It’s quite dragon-like to see a hoard of riches and to want some for yourself. Disney has been making money with live-action remakes of its classic films, so why wouldn’t DreamWorks Animation get in on the action? There’s plenty to mine from—DreamWorks Animation has released 50 movies, only 13 fewer than Walt Disney Animation Studios despite the House Of Mouse being around for a half-century longer—and How To Train Your Dragon, a beloved coming-of-age fantasy adventure, is the first of what may soon be many rival live-action adaptations. So perhaps it’s natural that the 2025 How To Train Your Dragon is an extremely faithful remake, gliding by on the strength of the original film. Is it as good as the animated movie? Well, are any of these?

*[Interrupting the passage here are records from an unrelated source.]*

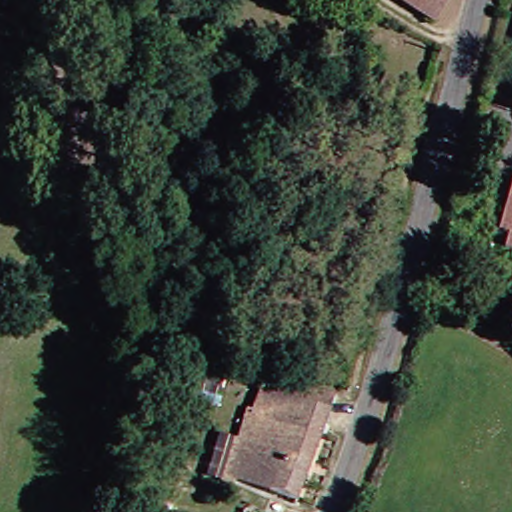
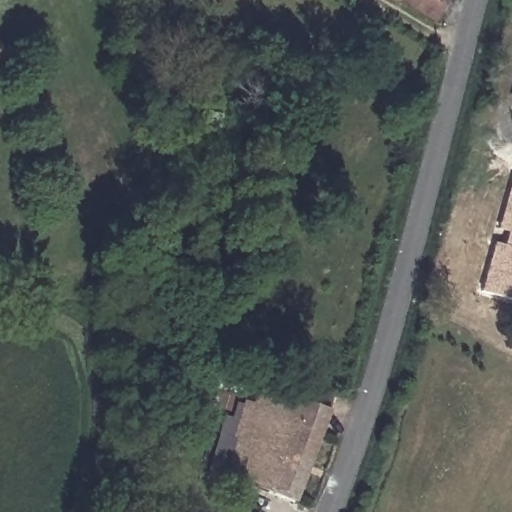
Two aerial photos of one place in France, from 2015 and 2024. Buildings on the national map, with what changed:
unchanged [(394,1),(392,0),(395,0),(394,1)]
unchanged [(394,1),(395,0),(438,0),(426,24),(394,1)]
unchanged [(512,96),(512,111),(508,110),(512,96)]
unchanged [(512,255),(502,252),(505,239),(492,234),(500,204),(505,184),(512,186),(512,255)]
new [(491,244),(503,248),(502,252),(512,255),(512,301),(479,291),(491,244)]
unchanged [(229,435),(239,405),(246,408),(247,401),(237,396),(240,386),(252,390),(293,398),(298,386),(321,393),(319,407),(289,500),(223,480),(212,476),(222,438),(228,437),(229,435)]

How To Train Your Dragon isn’t shy about its devotion to the first film. Dean DeBlois, director of the three animated HTTYDs, makes his live-action debut with the remake despite some earlier public comments dismissing the whole live-action remake trend; Gerard Butler returns to play Viking chieftain Stoick The Vast after previously voicing him; and John Powell, whose score is the not-so-secret key to the series’ power, revisits his own music. The plot, which always relied on familiar tropes, is the same: Hiccup (Mason Thames) lives on the Isle Of Berk where everybody’s main occupation is fighting the dragons that burn their homes and steal their sheep. Much to the dismay of Stoic, his father, Hiccup doesn’t appear to have what it takes to fight dragons, but when he manages to knock a rare dragon out of the sky, he ends up befriending it rather than slaying it. The unlikely friendship between Hiccup and his new dragon pal Toothless changes everything.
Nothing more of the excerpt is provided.